Published online by Cambridge University Press: 08 October 2022
Introduction
As social uncertainty and economic precarity grow, it is time to rethink the obligations of governments, particularly in regard to the ends and means of social security policy and meaningful employment. The global COVID-19 pandemic has given impetus to the ‘utopian demand’ (Weeks, 2011) for a fundamental reset of societal and economic goals. Addressing the inadequacy of income support payments, ensuring decent employment and training opportunities, valuing all forms of work, and ensuring affordable housing and accessible social services is arguably a better starting point for cultivating healthy and economically secure communities than persisting with punitive conditionality.

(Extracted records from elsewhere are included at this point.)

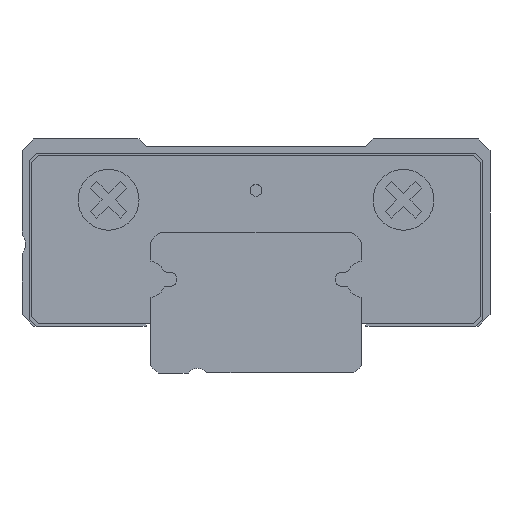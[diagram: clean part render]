
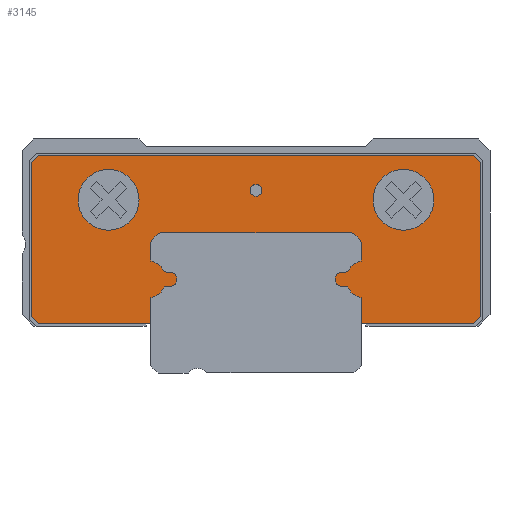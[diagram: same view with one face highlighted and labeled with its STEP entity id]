
A CAD part, front view. The second image highlights one B-rep face of the part: STEP entity #3145.
In plain terms, the highlighted planar face has unit normal (0, -1, 0).
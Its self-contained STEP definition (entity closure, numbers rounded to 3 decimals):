
#100=LINE('',#5657,#474);
#101=LINE('',#5660,#475);
#102=LINE('',#5662,#476);
#103=LINE('',#5664,#477);
#104=LINE('',#5666,#478);
#105=LINE('',#5670,#479);
#106=LINE('',#5674,#480);
#107=LINE('',#5678,#481);
#108=LINE('',#5682,#482);
#109=LINE('',#5686,#483);
#110=LINE('',#5690,#484);
#111=LINE('',#5694,#485);
#112=LINE('',#5698,#486);
#113=LINE('',#5700,#487);
#114=LINE('',#5702,#488);
#115=LINE('',#5704,#489);
#116=LINE('',#5706,#490);
#117=LINE('',#5708,#491);
#474=VECTOR('',#4780,1000.);
#475=VECTOR('',#4781,1000.);
#476=VECTOR('',#4782,1000.);
#477=VECTOR('',#4783,1000.);
#478=VECTOR('',#4784,1000.);
#479=VECTOR('',#4787,1000.);
#480=VECTOR('',#4790,1000.);
#481=VECTOR('',#4793,1000.);
#482=VECTOR('',#4796,1000.);
#483=VECTOR('',#4799,1000.);
#484=VECTOR('',#4802,1000.);
#485=VECTOR('',#4805,1000.);
#486=VECTOR('',#4808,1000.);
#487=VECTOR('',#4809,1000.);
#488=VECTOR('',#4810,1000.);
#489=VECTOR('',#4811,1000.);
#490=VECTOR('',#4812,1000.);
#491=VECTOR('',#4813,1000.);
#803=PLANE('',#4381);
#1106=ORIENTED_EDGE('',*,*,#1920,.F.);
#1107=ORIENTED_EDGE('',*,*,#1921,.F.);
#1108=ORIENTED_EDGE('',*,*,#1922,.F.);
#1109=ORIENTED_EDGE('',*,*,#1923,.F.);
#1110=ORIENTED_EDGE('',*,*,#1924,.F.);
#1111=ORIENTED_EDGE('',*,*,#1925,.F.);
#1112=ORIENTED_EDGE('',*,*,#1926,.F.);
#1113=ORIENTED_EDGE('',*,*,#1927,.F.);
#1114=ORIENTED_EDGE('',*,*,#1928,.F.);
#1115=ORIENTED_EDGE('',*,*,#1929,.F.);
#1116=ORIENTED_EDGE('',*,*,#1930,.F.);
#1117=ORIENTED_EDGE('',*,*,#1931,.F.);
#1118=ORIENTED_EDGE('',*,*,#1932,.F.);
#1119=ORIENTED_EDGE('',*,*,#1933,.F.);
#1120=ORIENTED_EDGE('',*,*,#1934,.F.);
#1121=ORIENTED_EDGE('',*,*,#1935,.F.);
#1122=ORIENTED_EDGE('',*,*,#1936,.F.);
#1123=ORIENTED_EDGE('',*,*,#1937,.F.);
#1124=ORIENTED_EDGE('',*,*,#1938,.F.);
#1125=ORIENTED_EDGE('',*,*,#1939,.F.);
#1126=ORIENTED_EDGE('',*,*,#1940,.F.);
#1127=ORIENTED_EDGE('',*,*,#1941,.F.);
#1128=ORIENTED_EDGE('',*,*,#1942,.F.);
#1129=ORIENTED_EDGE('',*,*,#1943,.F.);
#1130=ORIENTED_EDGE('',*,*,#1944,.F.);
#1131=ORIENTED_EDGE('',*,*,#1945,.F.);
#1132=ORIENTED_EDGE('',*,*,#1946,.F.);
#1133=ORIENTED_EDGE('',*,*,#1947,.F.);
#1134=ORIENTED_EDGE('',*,*,#1948,.F.);
#1920=EDGE_CURVE('',#2344,#2344,#2616,.T.);
#1921=EDGE_CURVE('',#2345,#2345,#2617,.F.);
#1922=EDGE_CURVE('',#2346,#2347,#100,.T.);
#1923=EDGE_CURVE('',#2348,#2346,#101,.T.);
#1924=EDGE_CURVE('',#2349,#2348,#102,.T.);
#1925=EDGE_CURVE('',#2350,#2349,#103,.T.);
#1926=EDGE_CURVE('',#2351,#2350,#104,.T.);
#1927=EDGE_CURVE('',#2352,#2351,#2618,.T.);
#1928=EDGE_CURVE('',#2353,#2352,#105,.T.);
#1929=EDGE_CURVE('',#2354,#2353,#2619,.T.);
#1930=EDGE_CURVE('',#2355,#2354,#106,.T.);
#1931=EDGE_CURVE('',#2356,#2355,#2620,.T.);
#1932=EDGE_CURVE('',#2357,#2356,#107,.T.);
#1933=EDGE_CURVE('',#2358,#2357,#2621,.T.);
#1934=EDGE_CURVE('',#2359,#2358,#108,.T.);
#1935=EDGE_CURVE('',#2360,#2359,#2622,.T.);
#1936=EDGE_CURVE('',#2361,#2360,#109,.T.);
#1937=EDGE_CURVE('',#2362,#2361,#2623,.T.);
#1938=EDGE_CURVE('',#2363,#2362,#110,.T.);
#1939=EDGE_CURVE('',#2364,#2363,#2624,.T.);
#1940=EDGE_CURVE('',#2365,#2364,#111,.T.);
#1941=EDGE_CURVE('',#2366,#2365,#2625,.T.);
#1942=EDGE_CURVE('',#2367,#2366,#112,.T.);
#1943=EDGE_CURVE('',#2368,#2367,#113,.T.);
#1944=EDGE_CURVE('',#2369,#2368,#114,.T.);
#1945=EDGE_CURVE('',#2370,#2369,#115,.T.);
#1946=EDGE_CURVE('',#2371,#2370,#116,.T.);
#1947=EDGE_CURVE('',#2347,#2371,#117,.T.);
#1948=EDGE_CURVE('',#2372,#2372,#2626,.F.);
#2344=VERTEX_POINT('',#5654);
#2345=VERTEX_POINT('',#5656);
#2346=VERTEX_POINT('',#5658);
#2347=VERTEX_POINT('',#5659);
#2348=VERTEX_POINT('',#5661);
#2349=VERTEX_POINT('',#5663);
#2350=VERTEX_POINT('',#5665);
#2351=VERTEX_POINT('',#5667);
#2352=VERTEX_POINT('',#5669);
#2353=VERTEX_POINT('',#5671);
#2354=VERTEX_POINT('',#5673);
#2355=VERTEX_POINT('',#5675);
#2356=VERTEX_POINT('',#5677);
#2357=VERTEX_POINT('',#5679);
#2358=VERTEX_POINT('',#5681);
#2359=VERTEX_POINT('',#5683);
#2360=VERTEX_POINT('',#5685);
#2361=VERTEX_POINT('',#5687);
#2362=VERTEX_POINT('',#5689);
#2363=VERTEX_POINT('',#5691);
#2364=VERTEX_POINT('',#5693);
#2365=VERTEX_POINT('',#5695);
#2366=VERTEX_POINT('',#5697);
#2367=VERTEX_POINT('',#5699);
#2368=VERTEX_POINT('',#5701);
#2369=VERTEX_POINT('',#5703);
#2370=VERTEX_POINT('',#5705);
#2371=VERTEX_POINT('',#5707);
#2372=VERTEX_POINT('',#5710);
#2616=CIRCLE('',#4382,0.25);
#2617=CIRCLE('',#4383,1.3);
#2618=CIRCLE('',#4384,0.8);
#2619=CIRCLE('',#4385,0.32);
#2620=CIRCLE('',#4386,0.8);
#2621=CIRCLE('',#4387,0.95);
#2622=CIRCLE('',#4388,0.95);
#2623=CIRCLE('',#4389,0.8);
#2624=CIRCLE('',#4390,0.32);
#2625=CIRCLE('',#4391,0.8);
#2626=CIRCLE('',#4392,1.3);
#2695=EDGE_LOOP('',(#1106));
#2696=EDGE_LOOP('',(#1107));
#2697=EDGE_LOOP('',(#1108,#1109,#1110,#1111,#1112,#1113,#1114,#1115,#1116,
#1117,#1118,#1119,#1120,#1121,#1122,#1123,#1124,#1125,#1126,#1127,#1128,
#1129,#1130,#1131,#1132,#1133));
#2698=EDGE_LOOP('',(#1134));
#2909=FACE_BOUND('',#2695,.T.);
#2910=FACE_BOUND('',#2696,.T.);
#2911=FACE_BOUND('',#2697,.T.);
#2912=FACE_BOUND('',#2698,.T.);
#3145=ADVANCED_FACE('',(#2909,#2910,#2911,#2912),#803,.F.);
#4381=AXIS2_PLACEMENT_3D('',#5652,#4774,#4775);
#4382=AXIS2_PLACEMENT_3D('',#5653,#4776,#4777);
#4383=AXIS2_PLACEMENT_3D('',#5655,#4778,#4779);
#4384=AXIS2_PLACEMENT_3D('',#5668,#4785,#4786);
#4385=AXIS2_PLACEMENT_3D('',#5672,#4788,#4789);
#4386=AXIS2_PLACEMENT_3D('',#5676,#4791,#4792);
#4387=AXIS2_PLACEMENT_3D('',#5680,#4794,#4795);
#4388=AXIS2_PLACEMENT_3D('',#5684,#4797,#4798);
#4389=AXIS2_PLACEMENT_3D('',#5688,#4800,#4801);
#4390=AXIS2_PLACEMENT_3D('',#5692,#4803,#4804);
#4391=AXIS2_PLACEMENT_3D('',#5696,#4806,#4807);
#4392=AXIS2_PLACEMENT_3D('',#5709,#4814,#4815);
#4774=DIRECTION('',(0.,1.,0.));
#4775=DIRECTION('',(0.,0.,1.));
#4776=DIRECTION('',(0.,-1.,0.));
#4777=DIRECTION('',(1.,0.,0.));
#4778=DIRECTION('',(0.,1.,0.));
#4779=DIRECTION('',(0.,0.,1.));
#4780=DIRECTION('',(0.707,0.,0.707));
#4781=DIRECTION('',(0.,0.,1.));
#4782=DIRECTION('',(-0.707,0.,0.707));
#4783=DIRECTION('',(-1.,0.,0.));
#4784=DIRECTION('',(0.,0.,-1.));
#4785=DIRECTION('',(0.,1.,0.));
#4786=DIRECTION('',(1.,0.,0.));
#4787=DIRECTION('',(-0.991,0.,-0.135));
#4788=DIRECTION('',(0.,1.,0.));
#4789=DIRECTION('',(-1.,0.,0.));
#4790=DIRECTION('',(0.991,0.,-0.135));
#4791=DIRECTION('',(0.,1.,0.));
#4792=DIRECTION('',(1.,0.,0.));
#4793=DIRECTION('',(0.,0.,-1.));
#4794=DIRECTION('',(0.,-1.,0.));
#4795=DIRECTION('',(1.,0.,0.));
#4796=DIRECTION('',(-1.,0.,0.));
#4797=DIRECTION('',(0.,-1.,0.));
#4798=DIRECTION('',(1.,0.,0.));
#4799=DIRECTION('',(0.,0.,1.));
#4800=DIRECTION('',(0.,1.,0.));
#4801=DIRECTION('',(1.,0.,0.));
#4802=DIRECTION('',(0.991,0.,0.135));
#4803=DIRECTION('',(0.,1.,0.));
#4804=DIRECTION('',(1.,0.,0.));
#4805=DIRECTION('',(-0.991,0.,0.135));
#4806=DIRECTION('',(0.,1.,0.));
#4807=DIRECTION('',(1.,0.,0.));
#4808=DIRECTION('',(0.,0.,1.));
#4809=DIRECTION('',(-1.,0.,0.));
#4810=DIRECTION('',(-0.707,0.,-0.707));
#4811=DIRECTION('',(0.,0.,-1.));
#4812=DIRECTION('',(0.707,0.,-0.707));
#4813=DIRECTION('',(1.,0.,0.));
#4814=DIRECTION('',(0.,1.,0.));
#4815=DIRECTION('',(0.,0.,1.));
#5652=CARTESIAN_POINT('',(4.65,-14.85,4.));
#5653=CARTESIAN_POINT('',(0.,-14.85,7.8));
#5654=CARTESIAN_POINT('',(0.25,-14.85,7.8));
#5655=CARTESIAN_POINT('',(-6.3,-14.85,7.4));
#5656=CARTESIAN_POINT('',(-6.3,-14.85,8.7));
#5657=CARTESIAN_POINT('',(-9.6,-14.85,9.));
#5658=CARTESIAN_POINT('',(-9.6,-14.85,9.));
#5659=CARTESIAN_POINT('',(-9.3,-14.85,9.3));
#5660=CARTESIAN_POINT('',(-9.6,-14.85,2.4));
#5661=CARTESIAN_POINT('',(-9.6,-14.85,2.4));
#5662=CARTESIAN_POINT('',(-9.3,-14.85,2.1));
#5663=CARTESIAN_POINT('',(-9.3,-14.85,2.1));
#5664=CARTESIAN_POINT('',(-4.5,-14.85,2.1));
#5665=CARTESIAN_POINT('',(-4.5,-14.85,2.1));
#5666=CARTESIAN_POINT('',(-4.5,-14.85,2.1));
#5667=CARTESIAN_POINT('',(-4.5,-14.85,3.214));
#5668=CARTESIAN_POINT('',(-4.65,-14.85,4.));
#5669=CARTESIAN_POINT('',(-3.919,-14.85,3.676));
#5670=CARTESIAN_POINT('',(-3.919,-14.85,3.676));
#5671=CARTESIAN_POINT('',(-3.53,-14.85,3.729));
#5672=CARTESIAN_POINT('',(-3.7,-14.85,4.));
#5673=CARTESIAN_POINT('',(-3.53,-14.85,4.271));
#5674=CARTESIAN_POINT('',(-3.53,-14.85,4.271));
#5675=CARTESIAN_POINT('',(-3.919,-14.85,4.324));
#5676=CARTESIAN_POINT('',(-4.65,-14.85,4.));
#5677=CARTESIAN_POINT('',(-4.5,-14.85,4.786));
#5678=CARTESIAN_POINT('',(-4.5,-14.85,4.786));
#5679=CARTESIAN_POINT('',(-4.5,-14.85,5.574));
#5680=CARTESIAN_POINT('',(-3.65,-14.85,5.15));
#5681=CARTESIAN_POINT('',(-4.074,-14.85,6.));
#5682=CARTESIAN_POINT('',(-4.074,-14.85,6.));
#5683=CARTESIAN_POINT('',(4.074,-14.85,6.));
#5684=CARTESIAN_POINT('',(3.65,-14.85,5.15));
#5685=CARTESIAN_POINT('',(4.5,-14.85,5.574));
#5686=CARTESIAN_POINT('',(4.5,-14.85,5.574));
#5687=CARTESIAN_POINT('',(4.5,-14.85,4.786));
#5688=CARTESIAN_POINT('',(4.65,-14.85,4.));
#5689=CARTESIAN_POINT('',(3.919,-14.85,4.324));
#5690=CARTESIAN_POINT('',(3.919,-14.85,4.324));
#5691=CARTESIAN_POINT('',(3.53,-14.85,4.271));
#5692=CARTESIAN_POINT('',(3.7,-14.85,4.));
#5693=CARTESIAN_POINT('',(3.53,-14.85,3.729));
#5694=CARTESIAN_POINT('',(3.53,-14.85,3.729));
#5695=CARTESIAN_POINT('',(3.919,-14.85,3.676));
#5696=CARTESIAN_POINT('',(4.65,-14.85,4.));
#5697=CARTESIAN_POINT('',(4.5,-14.85,3.214));
#5698=CARTESIAN_POINT('',(4.5,-14.85,3.214));
#5699=CARTESIAN_POINT('',(4.5,-14.85,2.1));
#5700=CARTESIAN_POINT('',(9.3,-14.85,2.1));
#5701=CARTESIAN_POINT('',(9.3,-14.85,2.1));
#5702=CARTESIAN_POINT('',(9.6,-14.85,2.4));
#5703=CARTESIAN_POINT('',(9.6,-14.85,2.4));
#5704=CARTESIAN_POINT('',(9.6,-14.85,9.));
#5705=CARTESIAN_POINT('',(9.6,-14.85,9.));
#5706=CARTESIAN_POINT('',(9.3,-14.85,9.3));
#5707=CARTESIAN_POINT('',(9.3,-14.85,9.3));
#5708=CARTESIAN_POINT('',(-9.3,-14.85,9.3));
#5709=CARTESIAN_POINT('',(6.3,-14.85,7.4));
#5710=CARTESIAN_POINT('',(6.3,-14.85,8.7));

The final chapter in the book has three key aims. First, the chapter emphasises the key lessons from the rollout of CIM in Australia and New Zealand, from both an empirical and ethical point of view. Second, the chapter connects these findings with the broader social, economic and environmental context that is providing the catalyst for a reset of social security policy and practice. Third, the chapter points a way forward on social security policy, based on first principles, which would help reorientate policy settings and the public discourse around income security and the markers of social citizenship.
Bottom-up perspectives on the conditionality narrative
There are strong views on all sides of the CIM policy debate in Australia and New Zealand. There is little disagreement across the political spectrum about having a social security system focused on alleviating poverty and promoting participation in social and economic activities. There is, however, a great deal of disagreement about the best ways to achieve this goal. The extent to which the state should intervene to limit the freedoms of its citizenry is particularly contentious – especially if those limitations are not universally applied, if the reported benefits are contested, or where there is clear evidence that the policies are in fact causing material and psycho-social harm.
Chapters 4 to 7 of this book have illustrated that the evidence in support of continuing with CIM is weak. The research presented in this book is certainly not the first to suggest that this set of policy measures requires a fundamental rethink.